━━ TASK DATA
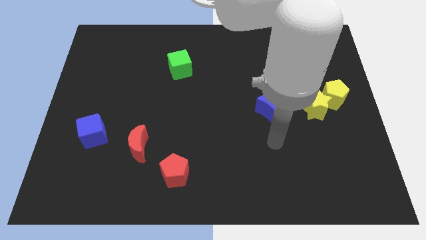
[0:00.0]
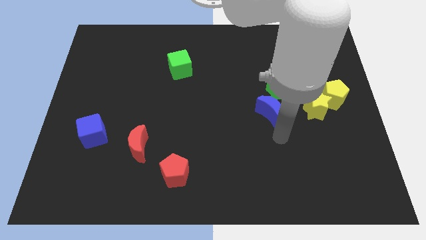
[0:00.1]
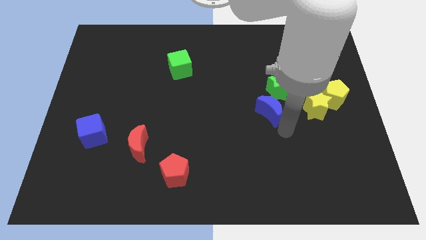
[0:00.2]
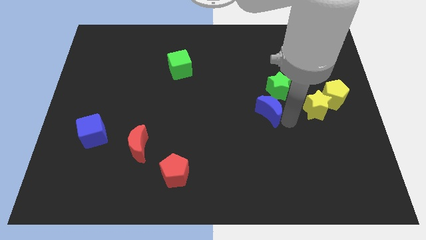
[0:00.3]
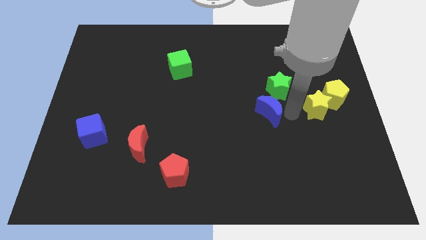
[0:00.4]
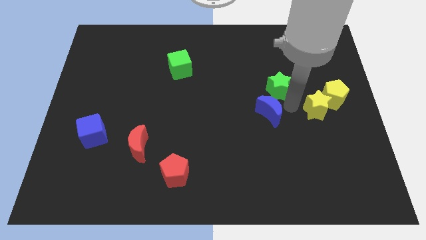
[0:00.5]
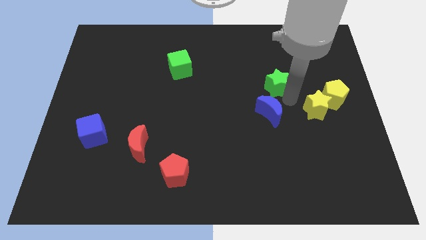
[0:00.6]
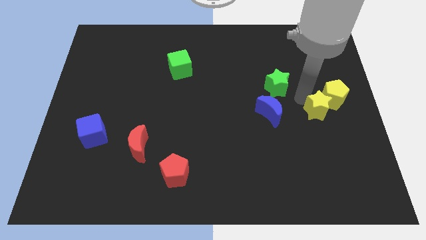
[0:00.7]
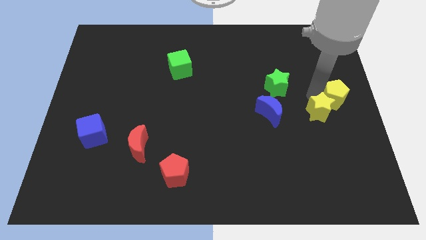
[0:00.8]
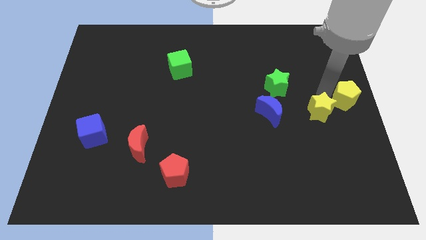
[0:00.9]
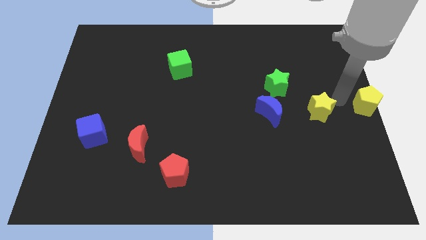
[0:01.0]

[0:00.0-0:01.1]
move the yellow star away from the yellow pentagon

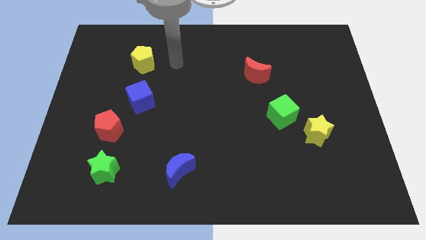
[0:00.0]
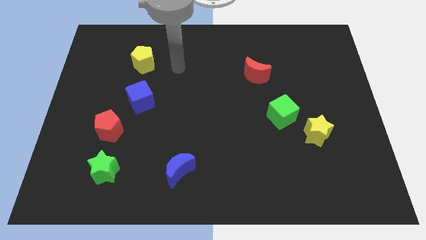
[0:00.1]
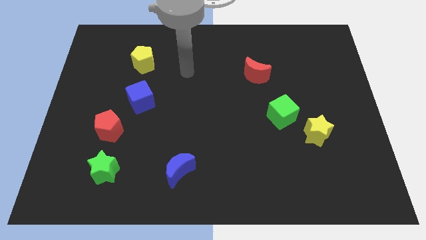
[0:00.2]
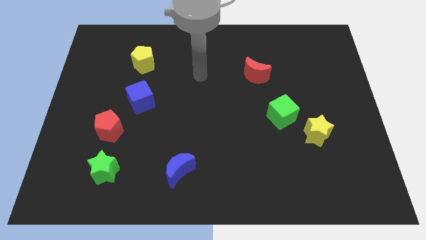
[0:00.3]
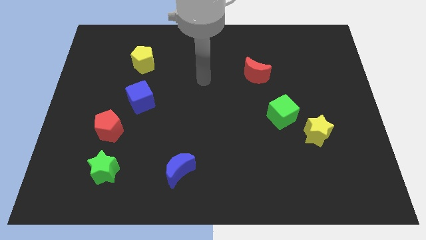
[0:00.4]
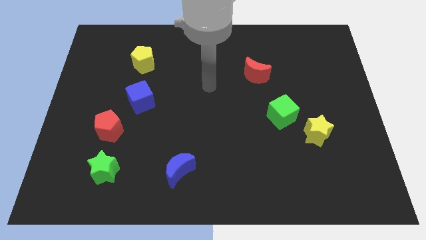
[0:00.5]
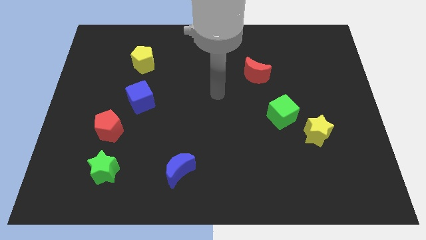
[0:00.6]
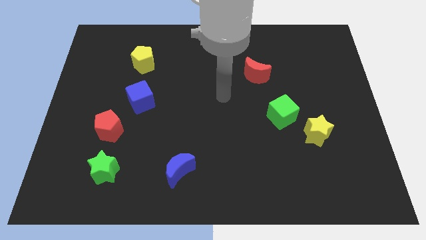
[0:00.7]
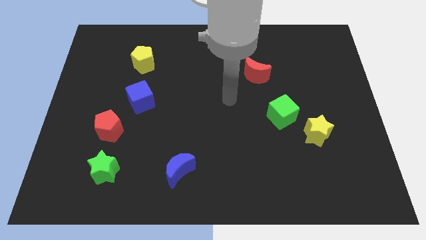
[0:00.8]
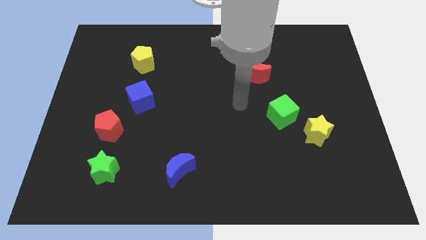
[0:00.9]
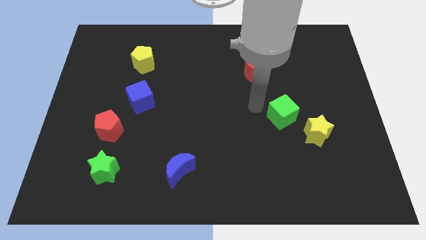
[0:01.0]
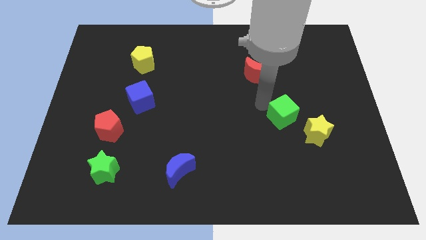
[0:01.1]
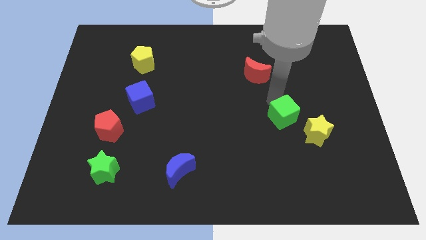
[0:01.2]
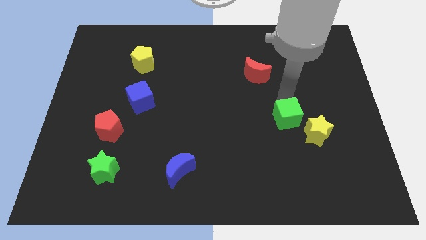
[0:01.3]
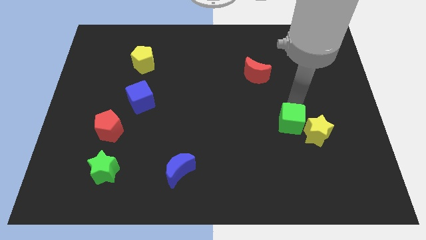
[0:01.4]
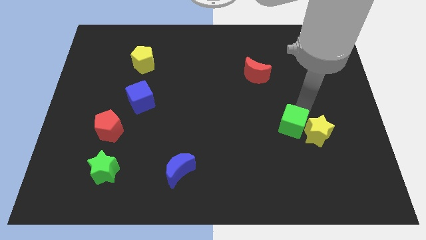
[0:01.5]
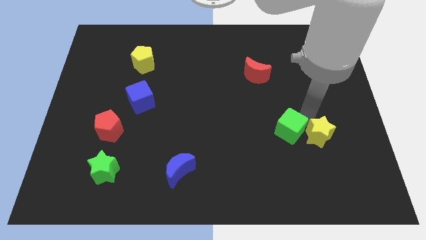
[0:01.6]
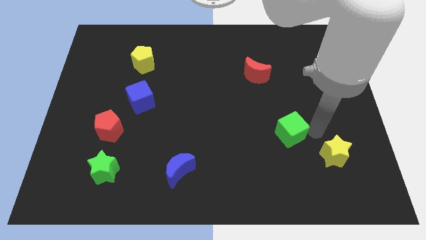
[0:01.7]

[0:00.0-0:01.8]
pull the green cube apart from the yellow star
━━━━
## WHAT THE TASK ASKS
Return each line above word for word. Skip the pictures.

## RESULT BELOW
[0:00.0]
[0:00.1]
[0:00.2]
[0:00.3]
[0:00.4]
[0:00.5]
[0:00.6]
[0:00.7]
[0:00.8]
[0:00.9]
[0:01.0]

[0:00.0-0:01.1]
move the yellow star away from the yellow pentagon

[0:00.0]
[0:00.1]
[0:00.2]
[0:00.3]
[0:00.4]
[0:00.5]
[0:00.6]
[0:00.7]
[0:00.8]
[0:00.9]
[0:01.0]
[0:01.1]
[0:01.2]
[0:01.3]
[0:01.4]
[0:01.5]
[0:01.6]
[0:01.7]

[0:00.0-0:01.8]
pull the green cube apart from the yellow star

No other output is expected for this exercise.